RVV adds vector processing capabilities to the RISC-V architecture by introducing a set of 32 vector registers that can be dynamically configured for different data types and vector lengths. This allows for significant performance gains by processing multiple data elements simultaneously, which is crucial for applications like machine learning. Key features include a standardized vector length (VLEN), length-agnostic code support, and a rich set of vector instructions for operations like addition, multiplication, and comparison.

RVV provides the following features and benefits:

  • Vector registers: RVV adds 32 vector registers (V0 to V31), each of which is VLEN bits wide. VLEN can be a power-of-two greater than or equal to 128 bits.
  • Configurable vector length: The vector length is adjustable, allowing developers to configure it for specific performance requirements.
  • Data types: Registers can be interpreted as multiple elements of different sizes (for example, 8, 16, 32, or 64 bits) and can operate on signed/unsigned integers or floating-point numbers.
  • Vector instructions: A rich set of vector instructions are provided, including floating-point operations (vfadd.s, vfmul.s) and integer operations (vfadd.h, vfmul.h).
  • Length-agnostic code: Software can be written to be vector-length agnostic, meaning the same code can run efficiently on hardware with different vector lengths, promoting code reuse.
  • Tail policies: RVV defines two tail policies:
    • Undisturbed: Elements past the vector length are left unmodified.
    • Agnostic: Tail elements may be modified or filled with all ones.
  • Masking: Instruction execution can be masked; only the v0 register can be used as a mask operand.
  • Vector chaining: This feature can be leveraged for further performance enhancements.
  • Enhanced software development: Support for auto-vectorization in toolchains like LLVM and GCC compilers.

RVV memory operations are highly detailed, specifying encoding formats for various vector loads and stores, including unit-stride, strided, indexed, and segment transfers.
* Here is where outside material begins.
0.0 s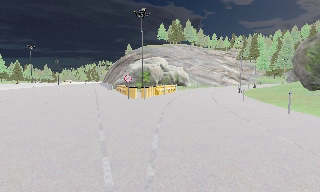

Instructions are provided for integer, fixed-point, and floating-point vector arithmetic, covering functions ranging from widening adds to fused multiply-adds and high-accuracy reciprocal estimations.

Instructions like vsetvli let software query the maximum effective vector length supported by the implementation, based on the current configuration (SEW and LMUL). vtype.lmul refers to the Vector Register Group Multiplier (LMUL) field within the Vector Type Register (vtype).

RVV instructions

The definitive reference for RVV instructions is the official specification document RISC-V "V" Vector Extension, version 1.0.

A summary of the vector instructions is given here for quick reference. The instructions are categorized by function, including their common variants — vector-vector (.vv), vector-scalar (.vx), vector-immediate (.vi), for example — and pseudo-instructions where noted.

Configuration-setting instructions for CSRs

These instructions set the Vector Length Register (vl) and the Vector Type Register (vtype), to dynamically govern vector configuration:

Instruction Description
vsetvli Set vector length and type with immediate type encoding
vsetivli Set vector length and type with immediate vector length and immediate type encoding
vsetvl Set vector length and type from register values

Vector stores and loads

Vector memory access operations, including unit-stride, strided, indexed (scatter/gather), segment, mask, and whole-register transfers.

Category Base instructions
Unit-Stride Loads/Stores vle8.v, vle16.v, vle32.v, vle64.v / vse8.v, vse16.v, vse32.v, vse64.v
Strided Loads/Stores vlse8.v, vlse16.v, vlse32.v, vlse64.v / vsse8.v, vsse16.v, vsse32.v, vsse64.v
Indexed (Unordered) Loads/Stores vluxei8.v — vluxei64.v (load) / vsuxei8.v — vsuxei64.v (store)
Indexed (Ordered) Loads/Stores vloxei8.v — vloxei64.v (load) / vsoxei8.v — vsoxei64.v (store)
Fault-Only-First Loads vle8ff.v, vle16ff.v, vle32ff.v, vle64ff.v
Mask Loads/Stores vlm.v (load mask), vsm.v (store mask)
Unit-Stride Segment Loads/Stores vlsegXeX.v, vssegXeX.v, vlsegXeXff.v (fault-only-first segment load)
Strided Segment Loads/Stores vlssegXeX.v, vsssegXeX>.v
Indexed Segment Loads/Stores vluxsegXeiX.v, vloxsegXeiX.v vsuxsegXeiX.v, vsoxsegXeiX.v
Whole Register Loads/Stores vlXr.v (load 1, 2, 4, or 8 registers), vsXr.v (store 1, 2, 4, or 8 registers)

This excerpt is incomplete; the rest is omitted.